Intel has a fibre optic version of Thunderbolt which is capable of being sent long distances.  This could avoid the need to convert to SDI to get an image back to video village.

When the data comes off a sensor then a DSLR has to deal with it.  First it has to process it, then it has to store it.  With video, the Canon DIGIC4 chip has to first chuck loads of pixels away to get down to 2MP, then it has to encode into H264.  That’s not an easy task, even modern PCs struggle to encode 1080p in realtime.  Working that hard makes chips hot and there are not many places for that heat to go.  Some of that heat makes its way into the sensor which it does not enjoy.  Overheating and a rising noise floor are the things the DSLR shooter has to contend with.  The ideal situation would be to have the option to get the data off the sensor and out of the camera altogether and process and record it in a separate box.  When companies like RED and SI talk about “brains” this is what they mean.  To shift RAW data like that you need a fast bus and it seems to me that is a role Thunderbolt could play.  Whether the camera divisions that make these cameras ever want to go that far into the more esoteric end of the video market is debatable.  However, at least it would mean stills photographers wouldn’t be coughing up for high-end video features the majority of them will never use.  If the manufacturers decided to make the specs open then we could have 3rd parties like AJA or Codex provide the brain/recorders.  Even if the processing is still done in camera, then Thunderbolt offers a more flexible way of getting data out than HDMI.  Its bidirectional nature means that features like timecode, genlock and device control should be possible along with whatever video format the camera produces.  So if Canon do switch to 1080p 4:2:2 to use their MPEG2 based codec from their video line, piping that out uncompressed to an external recorder is well within Thunderbolt’s bandwidth as it has more capacity than HDSDI.  Thunderbolt based modularity seems to me like an elegant solution.  
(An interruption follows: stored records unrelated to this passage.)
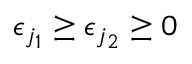
\epsilon _ { j _ { 1 } } \ge \epsilon _ { j _ { 2 } } \ge 0
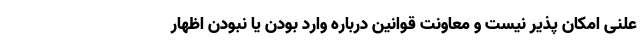
علنی امکان پذیر نیست و معاونت قوانین درباره وارد بودن یا نبودن اظهار
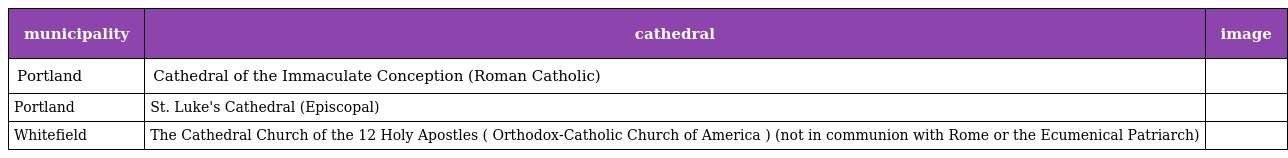
| municipality | cathedral | image |
 | --- | --- | --- |
 | Portland | Cathedral of the Immaculate Conception (Roman Catholic) |  |
 | Portland | St. Luke's Cathedral (Episcopal) |  |
 | Whitefield | The Cathedral Church of the 12 Holy Apostles ( Orthodox-Catholic Church of America ) (not in communion with Rome or the Ecumenical Patriarch) |  |
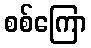
စစ်ကြော
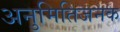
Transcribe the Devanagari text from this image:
अनुमितिजनक
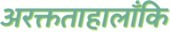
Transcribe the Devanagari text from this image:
अरक्तताहालाँकि
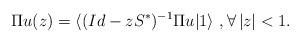
LaTeX: \begin{align*}\Pi u(z)= \langle (Id-zS^*)^{-1}\Pi u | 1\rangle \ , \forall \, |z|<1.\end{align*}
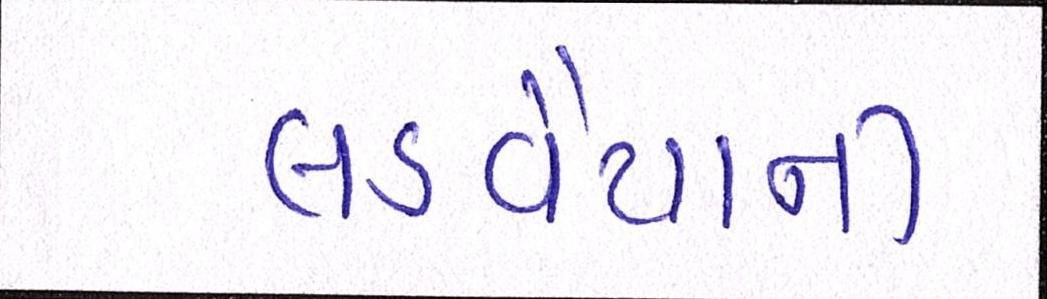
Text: લડવૈયાની
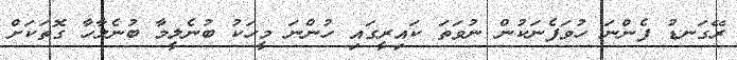
ރޭގަނޑު ފެންނަ ހުވަފެނަކުން ނުވަތަ ކައިރީގައި ހުންނަ މީހަކު ބުނެލީމާ ބުނެލާހާ ގޮތަކަށް
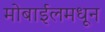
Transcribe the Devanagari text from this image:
मोबाईलमधून
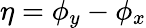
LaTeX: \eta=\phi_{y}-\phi_{x}
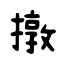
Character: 撴
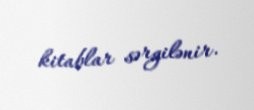
kitablar sərgilənir.
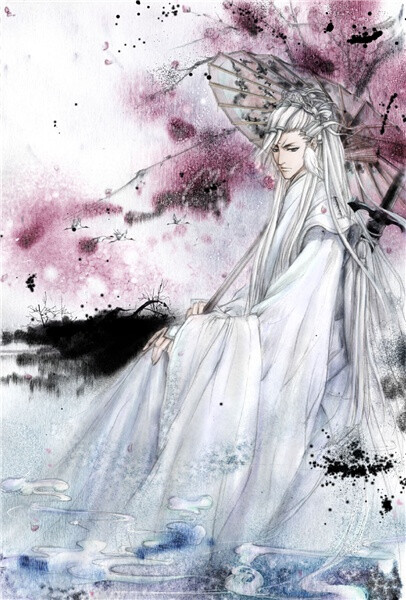
留连光景惜朱颜，黄昏独倚阑。
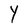
Character: Y
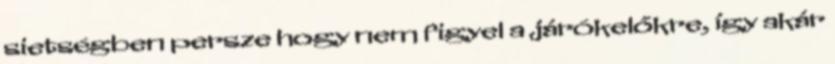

A fully rigged RED One looks like Borg technology - cool but complicated.  With Thunderbolt, it looks like you may be just be able to plug into a hub like a USB without having to worry about the connection type.  I know in reality things don’t tend to be that easy with plug and play but we can always dream.  At the moment dreaming is all we can do till some devices appear and maybe the whole D4 thing was someone else's dream.  One of my missions at NAB is to see how much of musings are feasible, likely or commercially viable.